§ RECORDS PROVIDED
+ + + + +

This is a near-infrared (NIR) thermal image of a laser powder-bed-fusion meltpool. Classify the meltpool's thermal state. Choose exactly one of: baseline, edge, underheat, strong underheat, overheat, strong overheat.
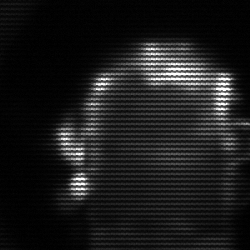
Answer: baseline
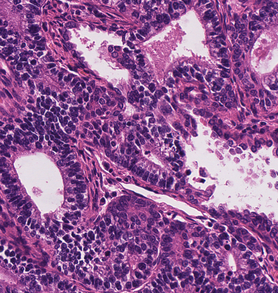
Tumor epithelial tissue: yes
Tumor-associated stroma tissue: yes
Normal tissue: no
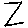
Label: zigzag
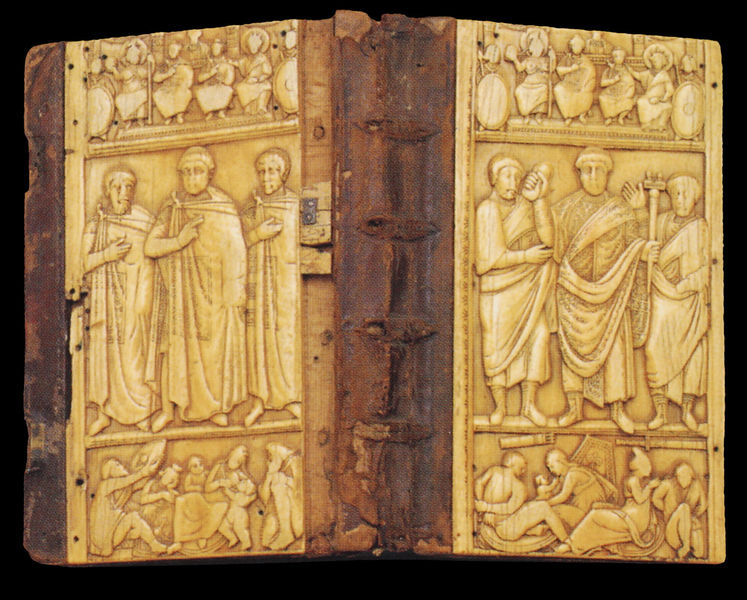
Titel: Konsulardiptychon
Institution: Halberstadt, Domschatz
Schlagwörter: mann, umhang, frauen, menschen, braun, holz, männer, schwarz, beige, fest, ornament, alt, gericht, bibel, hände, decke, kinder, relief, holzschnitt, kaiser, könig, deckel, buch, schnitt, strafe, rom, schnitzerei, buchdeckel, cover, fries, römer, toga, leder, mittelalter, heilige, schwur, geschnitzt, schnitzen, zepter, elfenbein, evangelium, lbuch
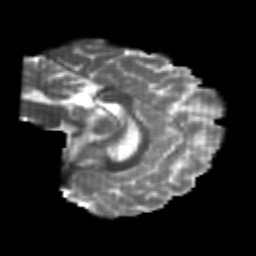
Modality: T2w
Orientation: sagittal
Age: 22
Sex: female
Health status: healthy
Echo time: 0.074 s
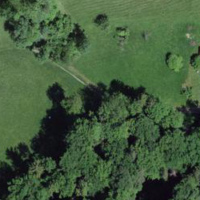
EUNIS habitat code: 24
Species observed at this site:
Ajuga reptans
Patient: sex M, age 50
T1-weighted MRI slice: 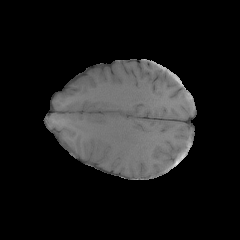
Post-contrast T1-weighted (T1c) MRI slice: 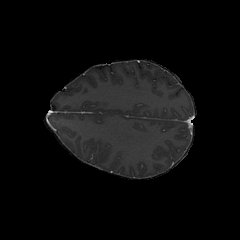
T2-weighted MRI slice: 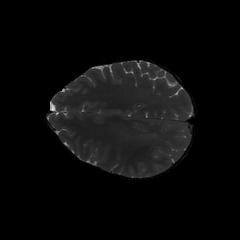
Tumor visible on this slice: no
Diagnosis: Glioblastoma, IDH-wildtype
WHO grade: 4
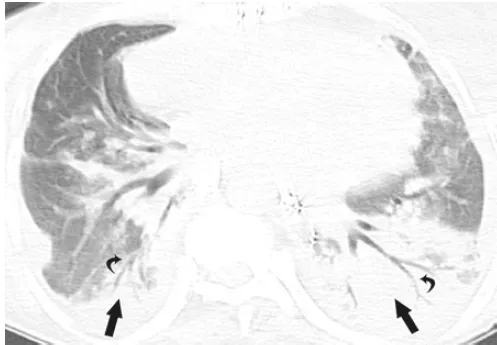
Case 3: Transverse high-resolution computed tomography (HRCT) image (D) demonstrates patchy peribronchial ground-glass opacity with superimposed reticulation and mild traction bronchiectasis (arrows).
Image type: radiology (ct)
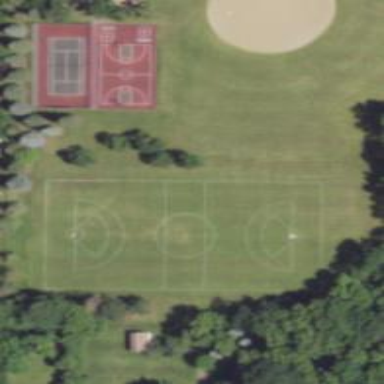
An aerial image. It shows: Soccer pitch designated for leisure and sports activities.
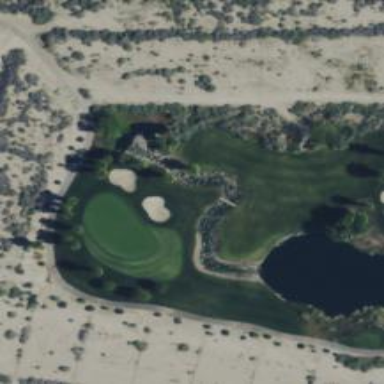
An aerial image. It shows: Golf course feature - water hazard.
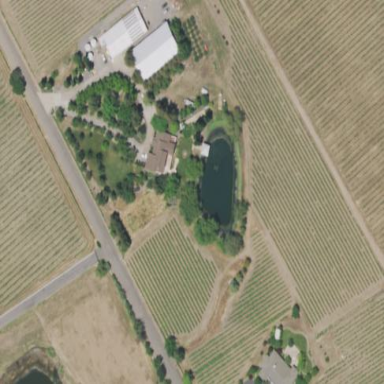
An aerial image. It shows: Vineyard growing grapes.
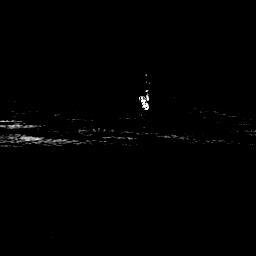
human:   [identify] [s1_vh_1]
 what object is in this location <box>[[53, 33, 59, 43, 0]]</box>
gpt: <ref>1 small ship at the center</ref>
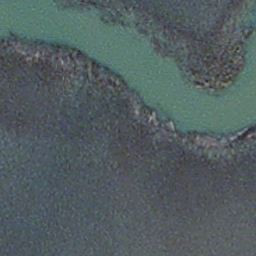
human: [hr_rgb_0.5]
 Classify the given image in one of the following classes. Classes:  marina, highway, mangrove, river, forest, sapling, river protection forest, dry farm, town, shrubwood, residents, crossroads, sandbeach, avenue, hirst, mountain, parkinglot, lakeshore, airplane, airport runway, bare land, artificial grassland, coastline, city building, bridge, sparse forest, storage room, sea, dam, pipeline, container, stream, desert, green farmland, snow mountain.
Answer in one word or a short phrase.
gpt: stream
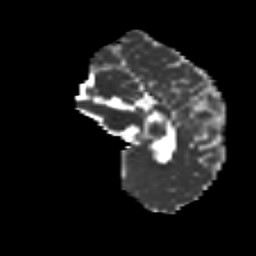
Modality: MD
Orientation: sagittal
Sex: male
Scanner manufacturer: siemens
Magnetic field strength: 3 T
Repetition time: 5 s
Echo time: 0.071 s
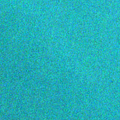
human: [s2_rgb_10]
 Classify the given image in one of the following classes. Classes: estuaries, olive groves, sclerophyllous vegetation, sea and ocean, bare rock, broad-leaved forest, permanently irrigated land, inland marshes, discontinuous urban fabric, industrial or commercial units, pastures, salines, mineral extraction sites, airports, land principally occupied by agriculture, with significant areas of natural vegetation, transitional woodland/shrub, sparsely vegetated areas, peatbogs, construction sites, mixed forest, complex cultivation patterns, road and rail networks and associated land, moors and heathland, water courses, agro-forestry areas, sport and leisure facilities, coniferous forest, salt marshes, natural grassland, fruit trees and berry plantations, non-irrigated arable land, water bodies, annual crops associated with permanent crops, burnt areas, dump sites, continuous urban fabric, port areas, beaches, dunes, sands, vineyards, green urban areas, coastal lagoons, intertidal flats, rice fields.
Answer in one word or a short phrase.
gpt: sea and ocean
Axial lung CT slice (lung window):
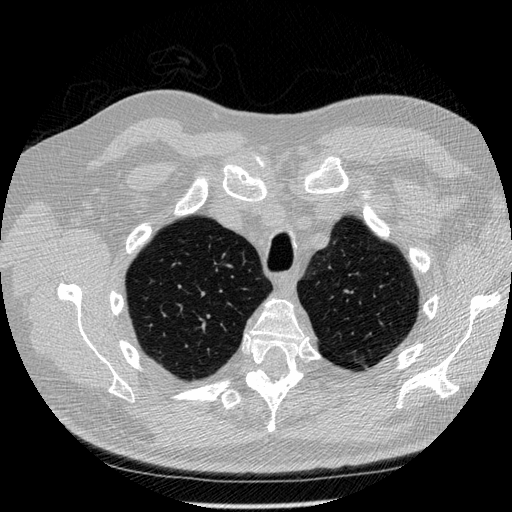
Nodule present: no
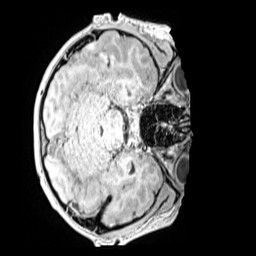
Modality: MP2RAGE
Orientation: axial
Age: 12
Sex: male
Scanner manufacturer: siemens
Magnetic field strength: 3 T
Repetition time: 4 s
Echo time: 0.00299 s
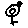
Label: bird
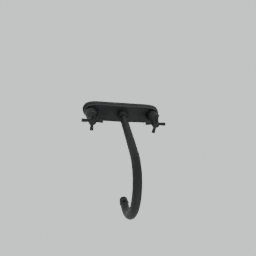
Label: appliances
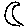
Label: moon
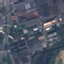
Label: Industrial
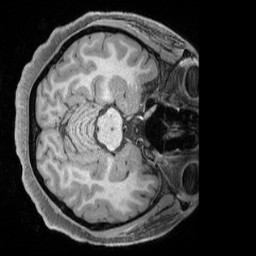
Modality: T1w
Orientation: axial
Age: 35
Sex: female
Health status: ill
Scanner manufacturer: siemens
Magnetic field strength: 3 T
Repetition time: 2.4 s
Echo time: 0.00222 s
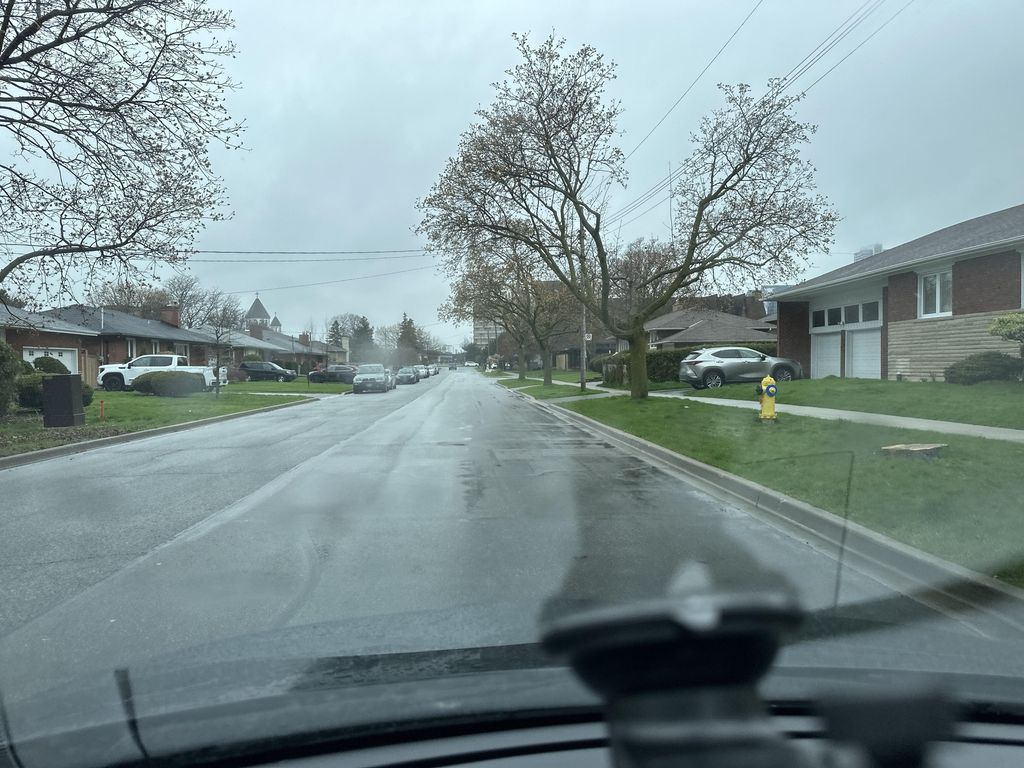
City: toronto
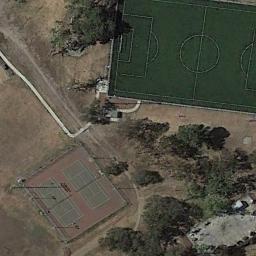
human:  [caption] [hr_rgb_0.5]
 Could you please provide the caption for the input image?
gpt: Many trees are near the tennis courts .

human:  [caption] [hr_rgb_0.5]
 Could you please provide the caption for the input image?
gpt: The tennis court is on the bare land next to some trees .

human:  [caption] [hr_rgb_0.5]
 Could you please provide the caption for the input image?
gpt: Tennis and basketball courts are on bare ground with a few loose trees next to them .

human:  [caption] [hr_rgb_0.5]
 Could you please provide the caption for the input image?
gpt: One side of the tennis court was shaded by the shade of a tree .

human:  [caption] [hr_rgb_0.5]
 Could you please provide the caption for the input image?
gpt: There are some green trees beside the tennis court .

+ + + + +

§ TASK OBJECTIVE
Write out exactly the lines between the start of the data and the line with "An aerial image. It shows: Golf", including both, but none of the pictures.

§ REPLY TO THE EXERCISE
This is a near-infrared (NIR) thermal image of a laser powder-bed-fusion meltpool. Classify the meltpool's thermal state. Choose exactly one of: baseline, edge, underheat, strong underheat, overheat, strong overheat.
Answer: baseline
Tumor epithelial tissue: yes
Tumor-associated stroma tissue: yes
Normal tissue: no
Label: zigzag
Titel: Konsulardiptychon
Institution: Halberstadt, Domschatz
Schlagwörter: mann, umhang, frauen, menschen, braun, holz, männer, schwarz, beige, fest, ornament, alt, gericht, bibel, hände, decke, kinder, relief, holzschnitt, kaiser, könig, deckel, buch, schnitt, strafe, rom, schnitzerei, buchdeckel, cover, fries, römer, toga, leder, mittelalter, heilige, schwur, geschnitzt, schnitzen, zepter, elfenbein, evangelium, lbuch
Modality: T2w
Orientation: sagittal
Age: 22
Sex: female
Health status: healthy
Echo time: 0.074 s
EUNIS habitat code: 24
Species observed at this site:
Ajuga reptans
Patient: sex M, age 50
T1-weighted MRI slice: 
Post-contrast T1-weighted (T1c) MRI slice: 
T2-weighted MRI slice: 
Tumor visible on this slice: no
Diagnosis: Glioblastoma, IDH-wildtype
WHO grade: 4
Case 3: Transverse high-resolution computed tomography (HRCT) image (D) demonstrates patchy peribronchial ground-glass opacity with superimposed reticulation and mild traction bronchiectasis (arrows).
Image type: radiology (ct)
An aerial image. It shows: Soccer pitch designated for leisure and sports activities.
An aerial image. It shows: Golf course feature - water hazard.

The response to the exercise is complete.